Hexafoils, a design with six round semicircular petals stemming from a central circle, or daisy wheels, are “the surviving physical evidence of protective magic or apotropaic magic used to protect the houses from the demons,” said Baker. 

Mirrors and gravestones were among other “openings” needing protection. It was necessary to protect mirrors to prevent demons from capturing souls, while special markings on tombs were done to protect deceased loved ones.

“Technically, the evidence is often hidden at the back of the mirror, where nobody can see them,” said Baker.

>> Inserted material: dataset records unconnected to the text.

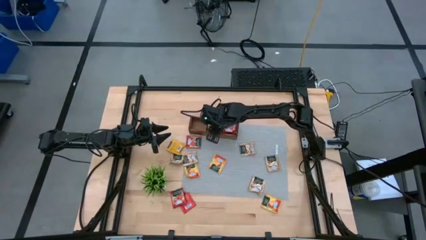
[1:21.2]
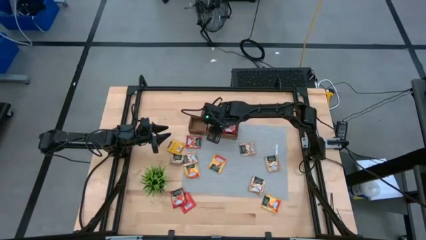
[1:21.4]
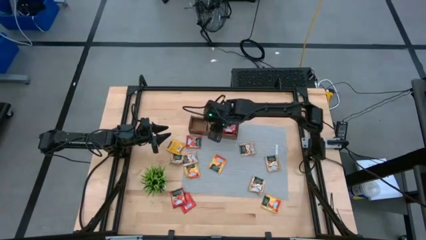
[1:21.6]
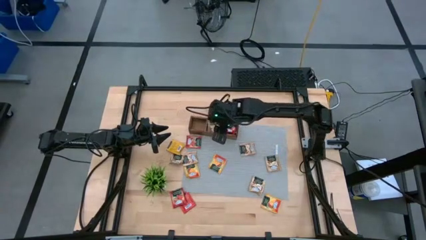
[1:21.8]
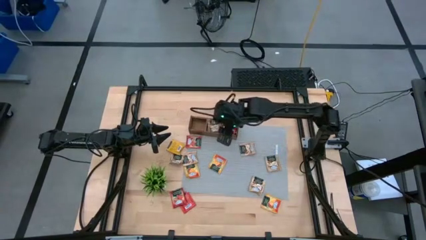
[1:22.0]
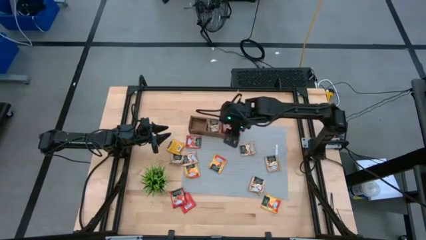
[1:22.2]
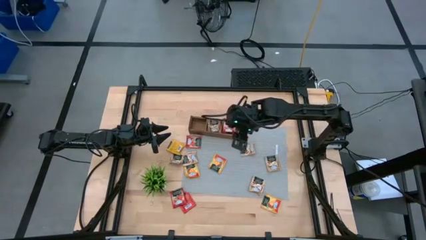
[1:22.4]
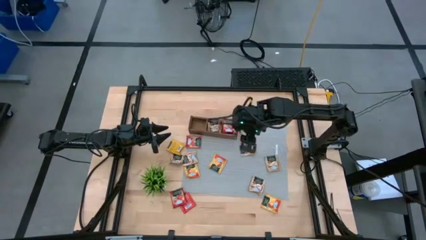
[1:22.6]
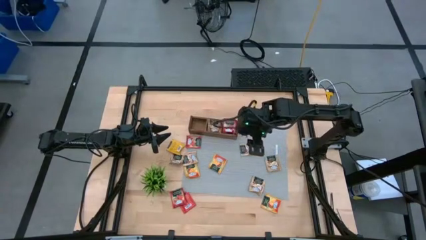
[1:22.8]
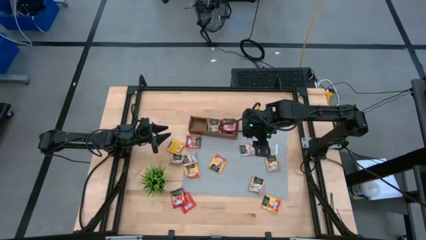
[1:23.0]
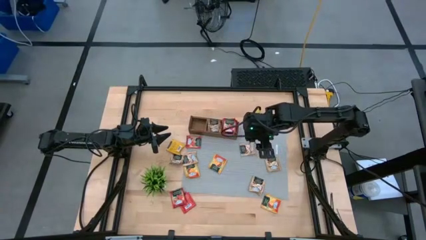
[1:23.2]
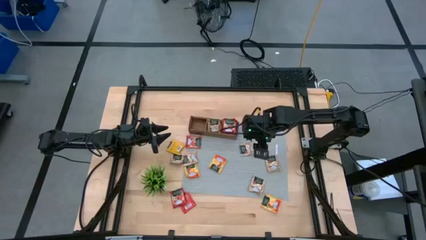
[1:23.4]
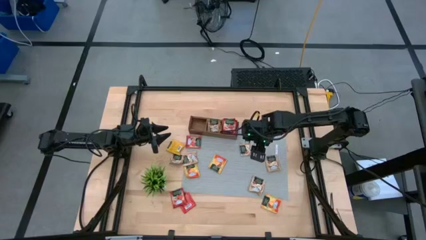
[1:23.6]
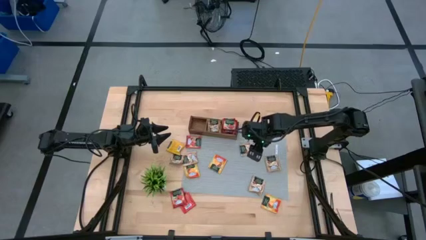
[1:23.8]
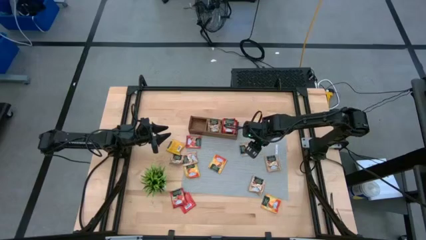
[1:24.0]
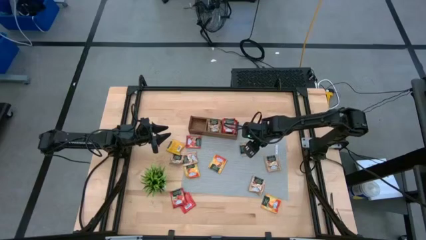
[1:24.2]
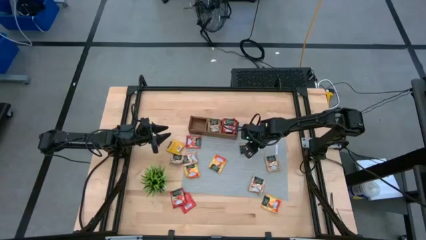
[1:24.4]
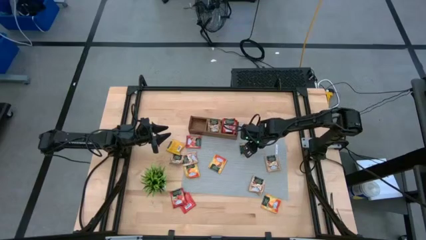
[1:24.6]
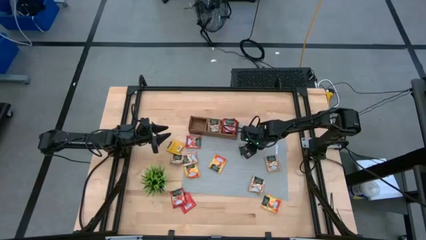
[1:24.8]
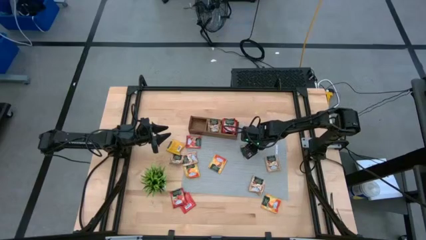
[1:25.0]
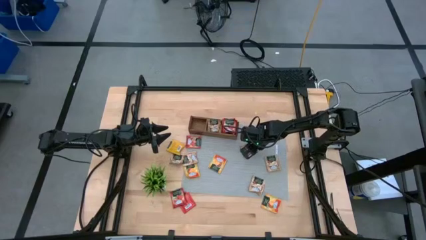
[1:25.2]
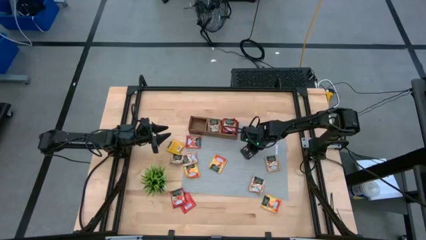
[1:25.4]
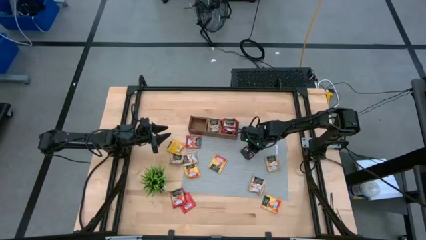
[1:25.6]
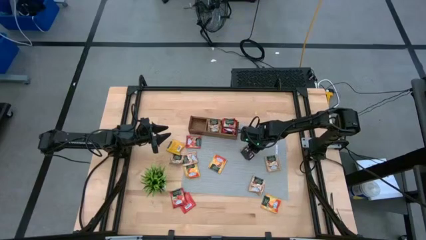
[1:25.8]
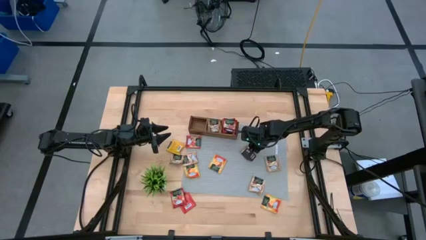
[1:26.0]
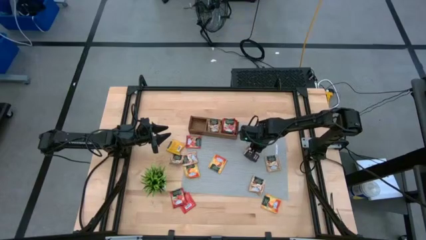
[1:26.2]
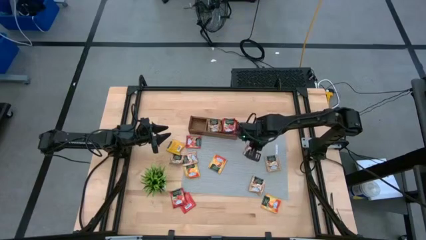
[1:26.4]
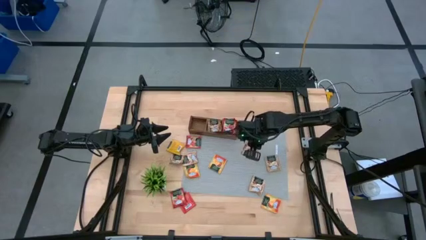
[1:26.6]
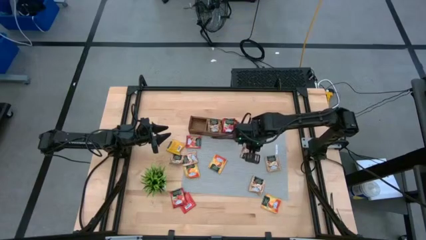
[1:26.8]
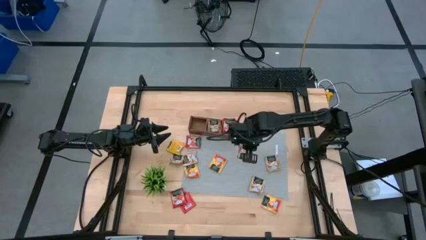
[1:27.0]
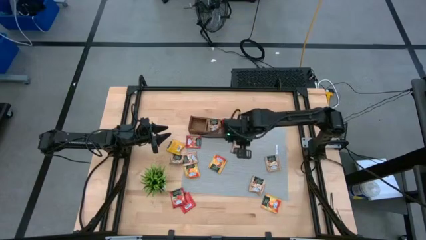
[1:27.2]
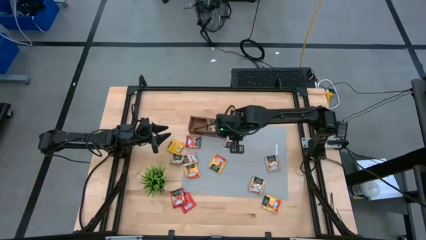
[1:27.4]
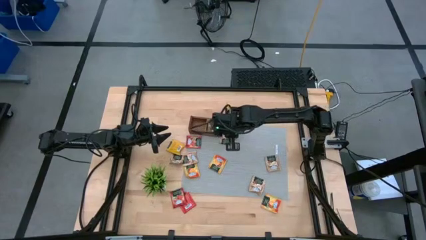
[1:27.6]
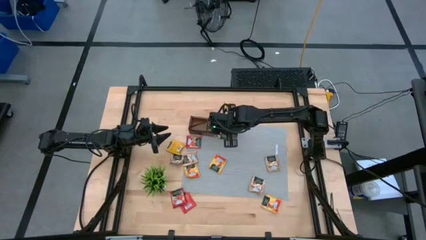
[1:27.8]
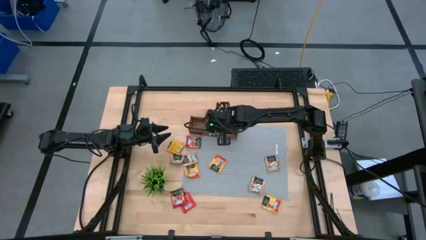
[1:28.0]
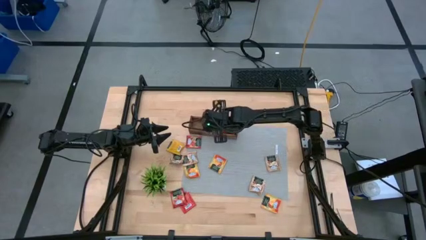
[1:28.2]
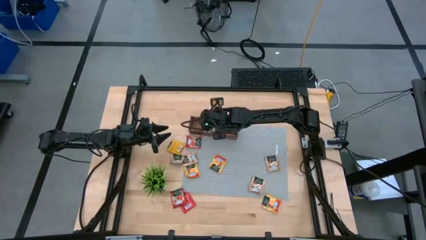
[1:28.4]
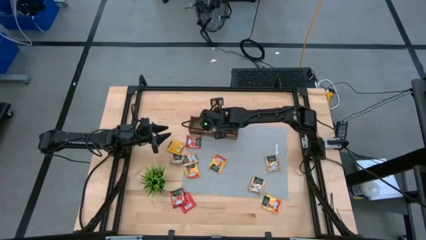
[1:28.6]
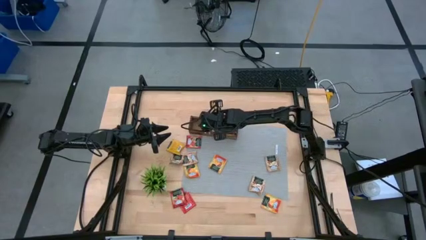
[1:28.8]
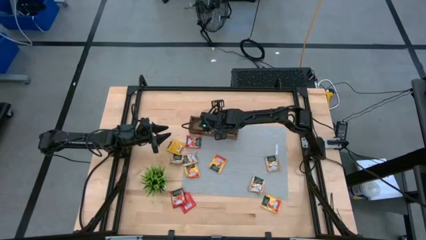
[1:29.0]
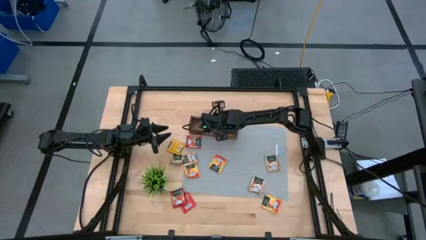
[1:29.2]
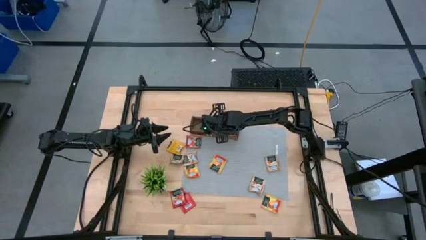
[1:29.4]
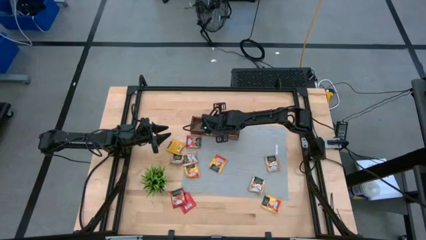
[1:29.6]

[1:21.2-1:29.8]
Put the gold tea bag into the middle section of the wooden organizer

There were other objects used as protective symbols too. Horseshoes were one symbol that has been passed down in the form of a superstition that a horseshoe brings good luck, as well as eel spears, St. Andrew crosses or saltires, roosters, and heart-shaped key heads. 

“Objects can tell us a great deal about the past,” said Baker, who suggested searching your residence for protective marks. “Perhaps you will feel better tonight knowing that you are protected.”

However, human destinies might prove even more enlightening than studying artifacts. Margo Burns, the project manager and associate editor of Records of the Salem Witch-Hunt, published in 2009 by Cambridge University Press, discussed her research into the life of William Stoughton, chief magistrate of the Salem witchcraft trials. 

“On the warrant for an execution, you actually see William Stoughton’s signature to hang a person by the neck until she is dead,” said Burns, who shared her amusement in studying the written evidence of those events. 

“It shows that history is not a dead subject,” said Trask.